WORK INSTRUCTIONS
Copy the listing exactly, images excluded.
--- INPUT FOR THIS TASK Enclosed Below ---
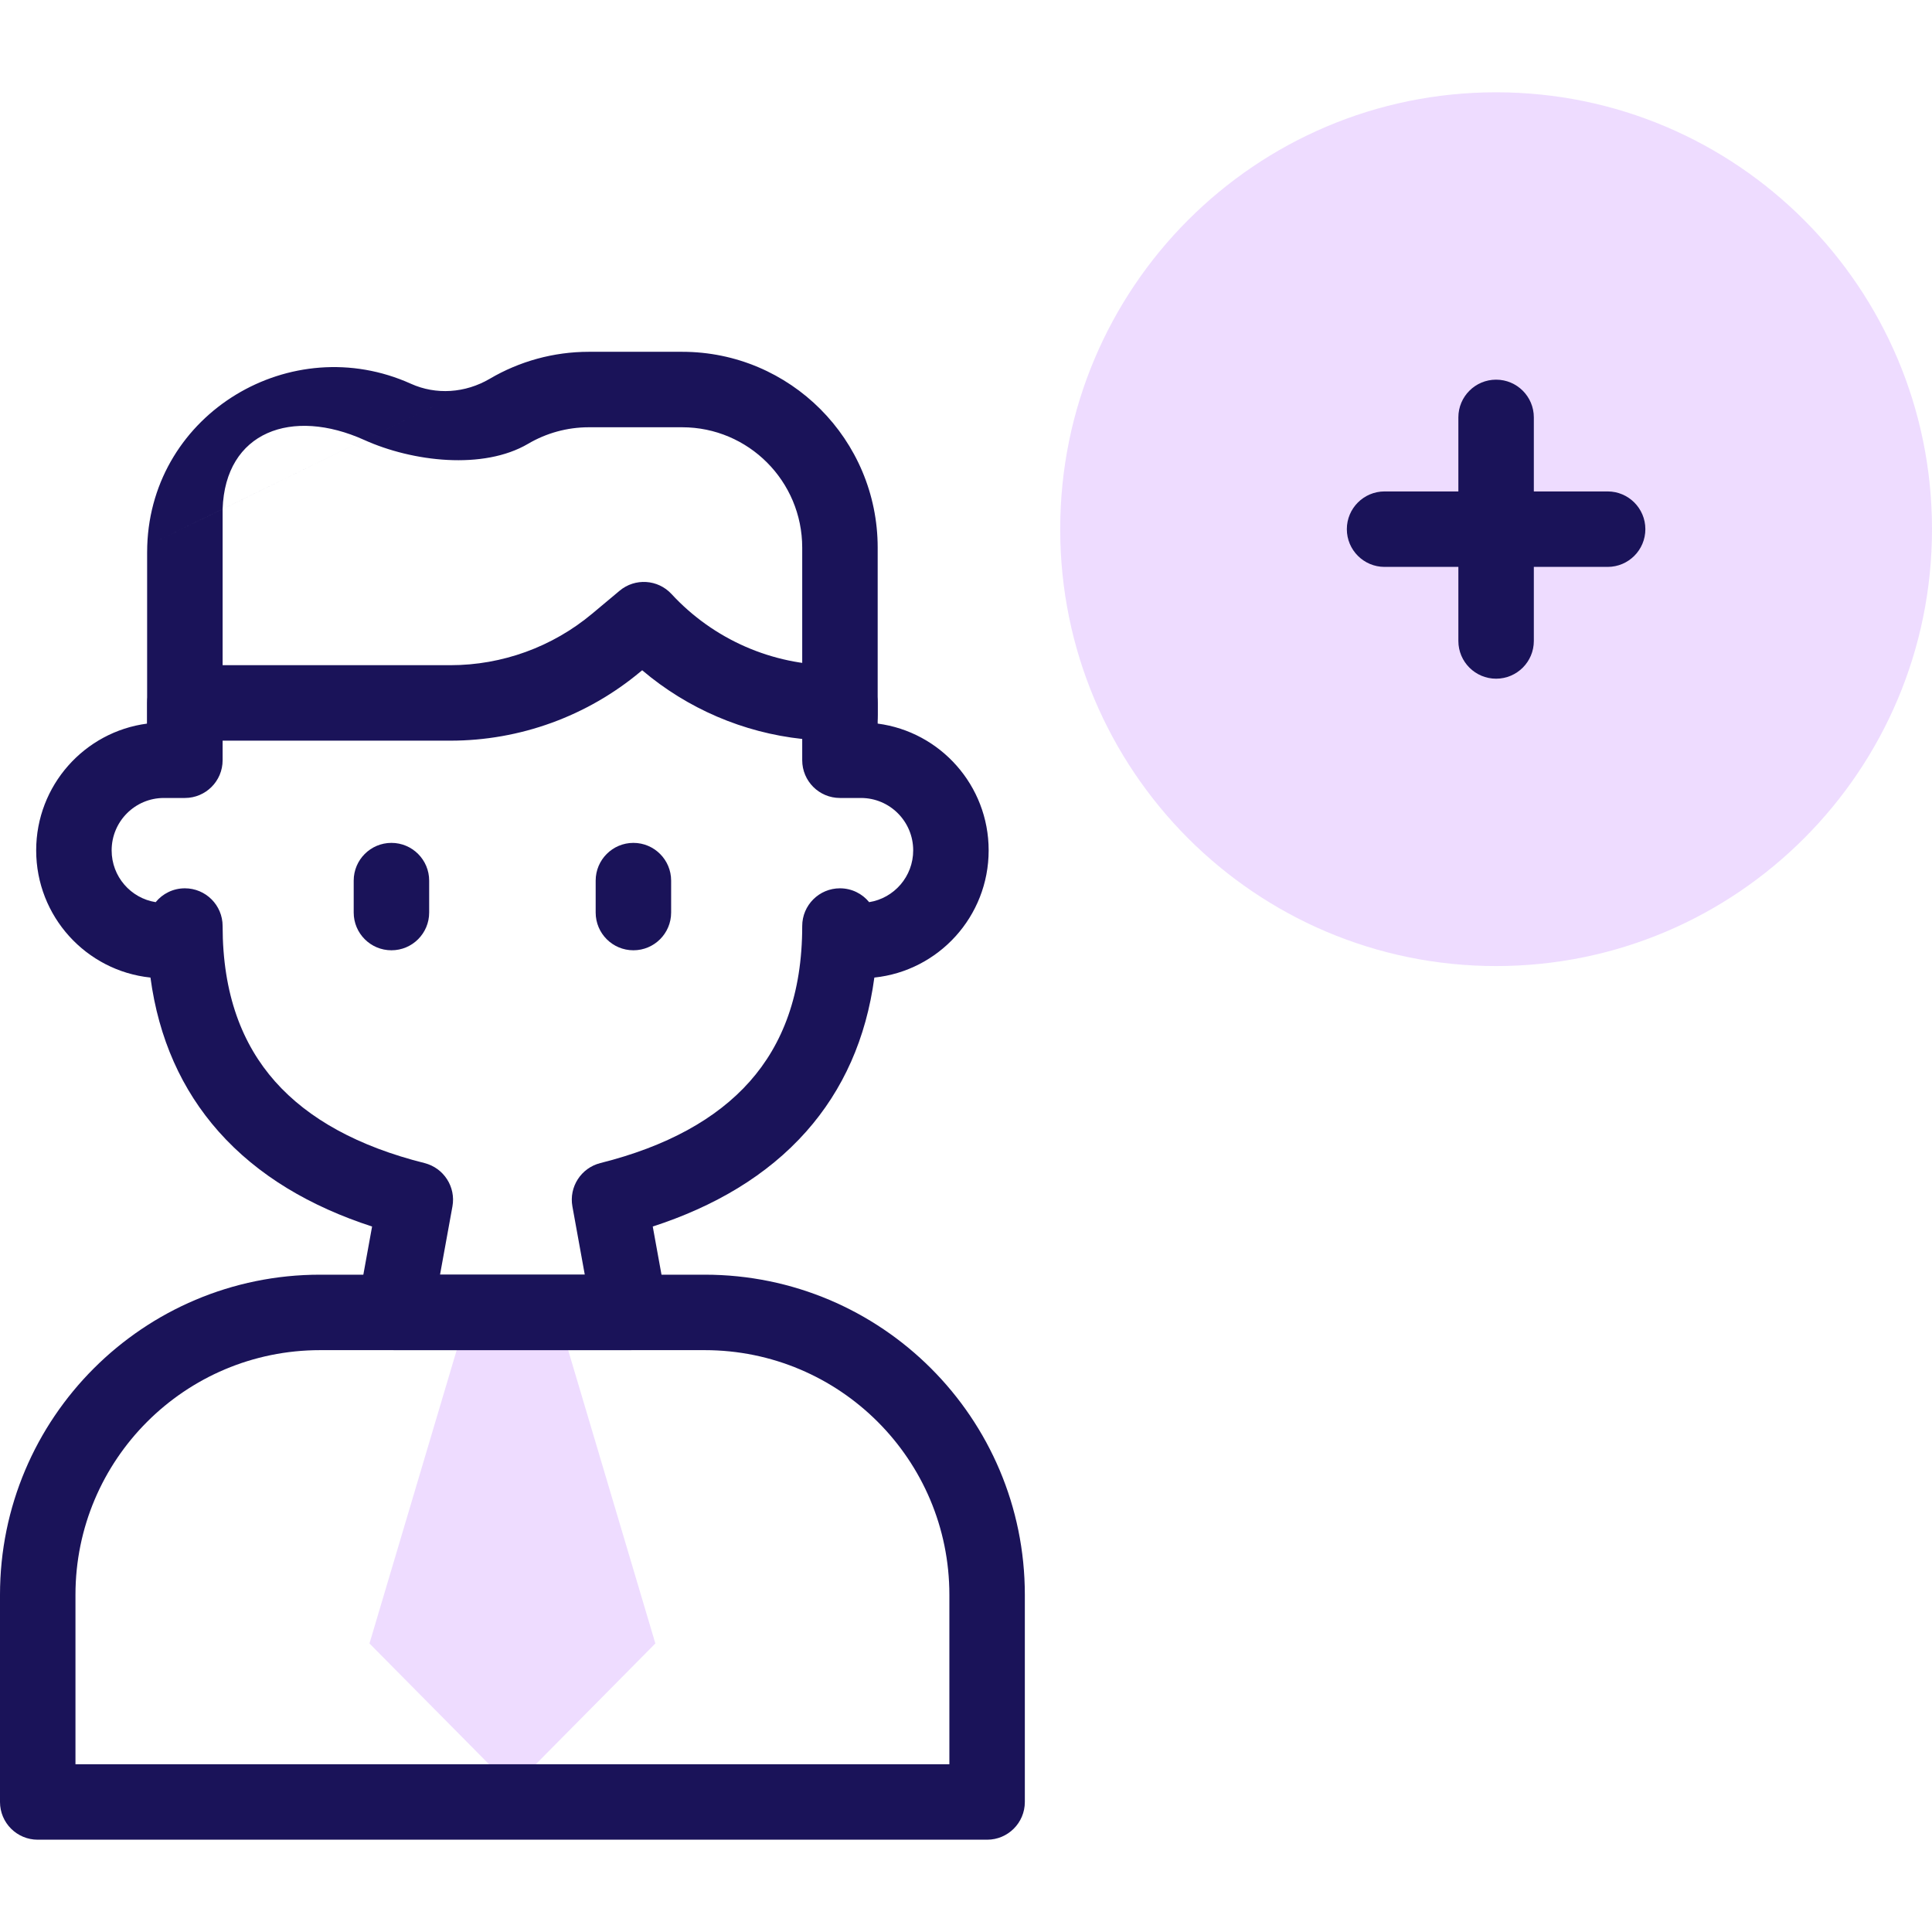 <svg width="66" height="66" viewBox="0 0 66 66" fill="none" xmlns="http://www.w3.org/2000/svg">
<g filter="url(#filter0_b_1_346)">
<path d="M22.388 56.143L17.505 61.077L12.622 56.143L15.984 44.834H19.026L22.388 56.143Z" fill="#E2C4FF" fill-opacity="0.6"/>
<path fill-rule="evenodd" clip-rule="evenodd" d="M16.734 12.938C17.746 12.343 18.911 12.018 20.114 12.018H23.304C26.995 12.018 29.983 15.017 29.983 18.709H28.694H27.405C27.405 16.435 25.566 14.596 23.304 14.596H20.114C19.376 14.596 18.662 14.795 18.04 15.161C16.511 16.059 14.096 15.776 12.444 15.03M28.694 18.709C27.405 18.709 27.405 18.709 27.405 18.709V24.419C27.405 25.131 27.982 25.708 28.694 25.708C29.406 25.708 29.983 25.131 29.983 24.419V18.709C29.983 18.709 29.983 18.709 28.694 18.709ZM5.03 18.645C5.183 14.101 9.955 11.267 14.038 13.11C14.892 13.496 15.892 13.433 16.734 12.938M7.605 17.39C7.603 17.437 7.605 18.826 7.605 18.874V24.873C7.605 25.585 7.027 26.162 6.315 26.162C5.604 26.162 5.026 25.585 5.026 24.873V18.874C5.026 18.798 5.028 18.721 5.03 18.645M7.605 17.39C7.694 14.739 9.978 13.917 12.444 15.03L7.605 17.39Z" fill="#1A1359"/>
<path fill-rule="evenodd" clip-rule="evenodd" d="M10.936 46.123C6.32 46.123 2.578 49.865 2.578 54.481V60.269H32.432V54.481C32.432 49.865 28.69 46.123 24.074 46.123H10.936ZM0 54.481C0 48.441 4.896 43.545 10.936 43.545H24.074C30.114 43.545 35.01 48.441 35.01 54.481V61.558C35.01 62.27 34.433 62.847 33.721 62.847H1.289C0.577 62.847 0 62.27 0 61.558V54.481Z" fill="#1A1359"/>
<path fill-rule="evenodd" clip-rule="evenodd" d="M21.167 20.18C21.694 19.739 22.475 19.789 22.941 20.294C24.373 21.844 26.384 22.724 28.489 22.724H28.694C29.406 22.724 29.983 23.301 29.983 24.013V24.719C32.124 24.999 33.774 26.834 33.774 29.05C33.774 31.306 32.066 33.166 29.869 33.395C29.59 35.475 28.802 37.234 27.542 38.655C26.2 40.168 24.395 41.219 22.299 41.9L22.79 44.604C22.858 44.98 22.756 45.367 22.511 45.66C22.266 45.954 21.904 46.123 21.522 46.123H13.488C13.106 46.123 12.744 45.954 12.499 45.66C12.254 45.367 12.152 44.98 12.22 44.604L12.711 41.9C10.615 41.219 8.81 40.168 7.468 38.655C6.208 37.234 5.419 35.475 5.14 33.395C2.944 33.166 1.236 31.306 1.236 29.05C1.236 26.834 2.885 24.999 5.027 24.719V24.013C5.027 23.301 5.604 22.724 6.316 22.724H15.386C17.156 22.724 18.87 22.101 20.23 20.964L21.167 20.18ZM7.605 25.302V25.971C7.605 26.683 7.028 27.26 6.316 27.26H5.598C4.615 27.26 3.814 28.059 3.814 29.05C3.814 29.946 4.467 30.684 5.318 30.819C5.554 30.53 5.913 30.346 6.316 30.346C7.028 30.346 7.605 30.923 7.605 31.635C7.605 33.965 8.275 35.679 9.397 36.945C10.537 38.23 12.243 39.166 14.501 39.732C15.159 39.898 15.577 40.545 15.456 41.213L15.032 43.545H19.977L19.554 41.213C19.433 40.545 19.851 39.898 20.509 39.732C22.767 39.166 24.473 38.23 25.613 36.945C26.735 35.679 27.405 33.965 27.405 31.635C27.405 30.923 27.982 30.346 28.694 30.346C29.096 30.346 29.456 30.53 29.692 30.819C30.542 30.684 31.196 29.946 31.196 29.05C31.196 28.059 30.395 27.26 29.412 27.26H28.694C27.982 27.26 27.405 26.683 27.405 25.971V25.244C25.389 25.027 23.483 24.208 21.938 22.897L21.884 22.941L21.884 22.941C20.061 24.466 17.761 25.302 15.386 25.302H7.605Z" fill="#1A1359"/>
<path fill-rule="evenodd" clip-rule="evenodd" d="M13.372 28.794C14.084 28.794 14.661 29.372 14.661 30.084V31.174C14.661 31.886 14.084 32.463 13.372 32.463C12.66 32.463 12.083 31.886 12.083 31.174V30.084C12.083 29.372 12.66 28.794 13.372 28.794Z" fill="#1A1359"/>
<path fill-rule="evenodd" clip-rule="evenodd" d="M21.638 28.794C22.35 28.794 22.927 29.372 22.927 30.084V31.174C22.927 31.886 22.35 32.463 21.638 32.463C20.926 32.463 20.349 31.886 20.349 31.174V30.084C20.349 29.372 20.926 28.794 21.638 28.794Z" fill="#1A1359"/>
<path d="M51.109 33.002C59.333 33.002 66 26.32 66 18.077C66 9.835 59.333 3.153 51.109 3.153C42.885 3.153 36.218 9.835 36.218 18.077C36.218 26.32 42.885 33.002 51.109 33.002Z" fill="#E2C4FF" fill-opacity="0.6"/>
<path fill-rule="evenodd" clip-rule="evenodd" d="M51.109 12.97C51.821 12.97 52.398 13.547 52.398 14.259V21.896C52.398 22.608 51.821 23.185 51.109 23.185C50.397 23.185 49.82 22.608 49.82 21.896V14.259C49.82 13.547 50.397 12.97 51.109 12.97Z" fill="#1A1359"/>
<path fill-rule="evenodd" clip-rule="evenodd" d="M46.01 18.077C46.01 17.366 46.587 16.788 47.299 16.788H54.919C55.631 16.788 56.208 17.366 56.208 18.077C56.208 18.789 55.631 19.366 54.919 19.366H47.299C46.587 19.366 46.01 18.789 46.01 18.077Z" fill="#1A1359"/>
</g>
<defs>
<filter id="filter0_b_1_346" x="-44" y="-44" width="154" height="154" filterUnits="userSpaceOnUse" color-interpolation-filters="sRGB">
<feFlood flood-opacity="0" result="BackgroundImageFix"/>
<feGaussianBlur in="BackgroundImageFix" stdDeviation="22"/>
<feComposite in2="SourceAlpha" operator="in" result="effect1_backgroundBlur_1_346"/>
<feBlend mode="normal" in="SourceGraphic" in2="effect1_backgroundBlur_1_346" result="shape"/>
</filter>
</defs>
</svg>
--- End of Enclosed INPUT FOR THIS TASK ---
COMPLETED TASK
 <svg width="66" height="66" viewBox="0 0 66 66" fill="none" xmlns="http://www.w3.org/2000/svg">
<g filter="url(#filter0_b_1_346)">
<path d="M22.388 56.143L17.505 61.077L12.622 56.143L15.984 44.834H19.026L22.388 56.143Z" fill="#E2C4FF" fill-opacity="0.6"/>
<path fill-rule="evenodd" clip-rule="evenodd" d="M16.734 12.938C17.746 12.343 18.911 12.018 20.114 12.018H23.304C26.995 12.018 29.983 15.017 29.983 18.709H28.694H27.405C27.405 16.435 25.566 14.596 23.304 14.596H20.114C19.376 14.596 18.662 14.795 18.04 15.161C16.511 16.059 14.096 15.776 12.444 15.03M28.694 18.709C27.405 18.709 27.405 18.709 27.405 18.709V24.419C27.405 25.131 27.982 25.708 28.694 25.708C29.406 25.708 29.983 25.131 29.983 24.419V18.709C29.983 18.709 29.983 18.709 28.694 18.709ZM5.03 18.645C5.183 14.101 9.955 11.267 14.038 13.11C14.892 13.496 15.892 13.433 16.734 12.938M7.605 17.39C7.603 17.437 7.605 18.826 7.605 18.874V24.873C7.605 25.585 7.027 26.162 6.315 26.162C5.604 26.162 5.026 25.585 5.026 24.873V18.874C5.026 18.798 5.028 18.721 5.03 18.645M7.605 17.39C7.694 14.739 9.978 13.917 12.444 15.03L7.605 17.39Z" fill="#1A1359"/>
<path fill-rule="evenodd" clip-rule="evenodd" d="M10.936 46.123C6.32 46.123 2.578 49.865 2.578 54.481V60.269H32.432V54.481C32.432 49.865 28.69 46.123 24.074 46.123H10.936ZM0 54.481C0 48.441 4.896 43.545 10.936 43.545H24.074C30.114 43.545 35.01 48.441 35.01 54.481V61.558C35.01 62.27 34.433 62.847 33.721 62.847H1.289C0.577 62.847 0 62.27 0 61.558V54.481Z" fill="#1A1359"/>
<path fill-rule="evenodd" clip-rule="evenodd" d="M21.167 20.18C21.694 19.739 22.475 19.789 22.941 20.294C24.373 21.844 26.384 22.724 28.489 22.724H28.694C29.406 22.724 29.983 23.301 29.983 24.013V24.719C32.124 24.999 33.774 26.834 33.774 29.05C33.774 31.306 32.066 33.166 29.869 33.395C29.59 35.475 28.802 37.234 27.542 38.655C26.2 40.168 24.395 41.219 22.299 41.9L22.79 44.604C22.858 44.98 22.756 45.367 22.511 45.66C22.266 45.954 21.904 46.123 21.522 46.123H13.488C13.106 46.123 12.744 45.954 12.499 45.66C12.254 45.367 12.152 44.98 12.22 44.604L12.711 41.9C10.615 41.219 8.81 40.168 7.468 38.655C6.208 37.234 5.419 35.475 5.14 33.395C2.944 33.166 1.236 31.306 1.236 29.05C1.236 26.834 2.885 24.999 5.027 24.719V24.013C5.027 23.301 5.604 22.724 6.316 22.724H15.386C17.156 22.724 18.87 22.101 20.23 20.964L21.167 20.18ZM7.605 25.302V25.971C7.605 26.683 7.028 27.26 6.316 27.26H5.598C4.615 27.26 3.814 28.059 3.814 29.05C3.814 29.946 4.467 30.684 5.318 30.819C5.554 30.53 5.913 30.346 6.316 30.346C7.028 30.346 7.605 30.923 7.605 31.635C7.605 33.965 8.275 35.679 9.397 36.945C10.537 38.23 12.243 39.166 14.501 39.732C15.159 39.898 15.577 40.545 15.456 41.213L15.032 43.545H19.977L19.554 41.213C19.433 40.545 19.851 39.898 20.509 39.732C22.767 39.166 24.473 38.23 25.613 36.945C26.735 35.679 27.405 33.965 27.405 31.635C27.405 30.923 27.982 30.346 28.694 30.346C29.096 30.346 29.456 30.53 29.692 30.819C30.542 30.684 31.196 29.946 31.196 29.05C31.196 28.059 30.395 27.26 29.412 27.26H28.694C27.982 27.26 27.405 26.683 27.405 25.971V25.244C25.389 25.027 23.483 24.208 21.938 22.897L21.884 22.941L21.884 22.941C20.061 24.466 17.761 25.302 15.386 25.302H7.605Z" fill="#1A1359"/>
<path fill-rule="evenodd" clip-rule="evenodd" d="M13.372 28.794C14.084 28.794 14.661 29.372 14.661 30.084V31.174C14.661 31.886 14.084 32.463 13.372 32.463C12.66 32.463 12.083 31.886 12.083 31.174V30.084C12.083 29.372 12.66 28.794 13.372 28.794Z" fill="#1A1359"/>
<path fill-rule="evenodd" clip-rule="evenodd" d="M21.638 28.794C22.35 28.794 22.927 29.372 22.927 30.084V31.174C22.927 31.886 22.35 32.463 21.638 32.463C20.926 32.463 20.349 31.886 20.349 31.174V30.084C20.349 29.372 20.926 28.794 21.638 28.794Z" fill="#1A1359"/>
<path d="M51.109 33.002C59.333 33.002 66 26.32 66 18.077C66 9.835 59.333 3.153 51.109 3.153C42.885 3.153 36.218 9.835 36.218 18.077C36.218 26.32 42.885 33.002 51.109 33.002Z" fill="#E2C4FF" fill-opacity="0.6"/>
<path fill-rule="evenodd" clip-rule="evenodd" d="M51.109 12.97C51.821 12.97 52.398 13.547 52.398 14.259V21.896C52.398 22.608 51.821 23.185 51.109 23.185C50.397 23.185 49.82 22.608 49.82 21.896V14.259C49.82 13.547 50.397 12.97 51.109 12.97Z" fill="#1A1359"/>
<path fill-rule="evenodd" clip-rule="evenodd" d="M46.01 18.077C46.01 17.366 46.587 16.788 47.299 16.788H54.919C55.631 16.788 56.208 17.366 56.208 18.077C56.208 18.789 55.631 19.366 54.919 19.366H47.299C46.587 19.366 46.01 18.789 46.01 18.077Z" fill="#1A1359"/>
</g>
<defs>
<filter id="filter0_b_1_346" x="-44" y="-44" width="154" height="154" filterUnits="userSpaceOnUse" color-interpolation-filters="sRGB">
<feFlood flood-opacity="0" result="BackgroundImageFix"/>
<feGaussianBlur in="BackgroundImageFix" stdDeviation="22"/>
<feComposite in2="SourceAlpha" operator="in" result="effect1_backgroundBlur_1_346"/>
<feBlend mode="normal" in="SourceGraphic" in2="effect1_backgroundBlur_1_346" result="shape"/>
</filter>
</defs>
</svg>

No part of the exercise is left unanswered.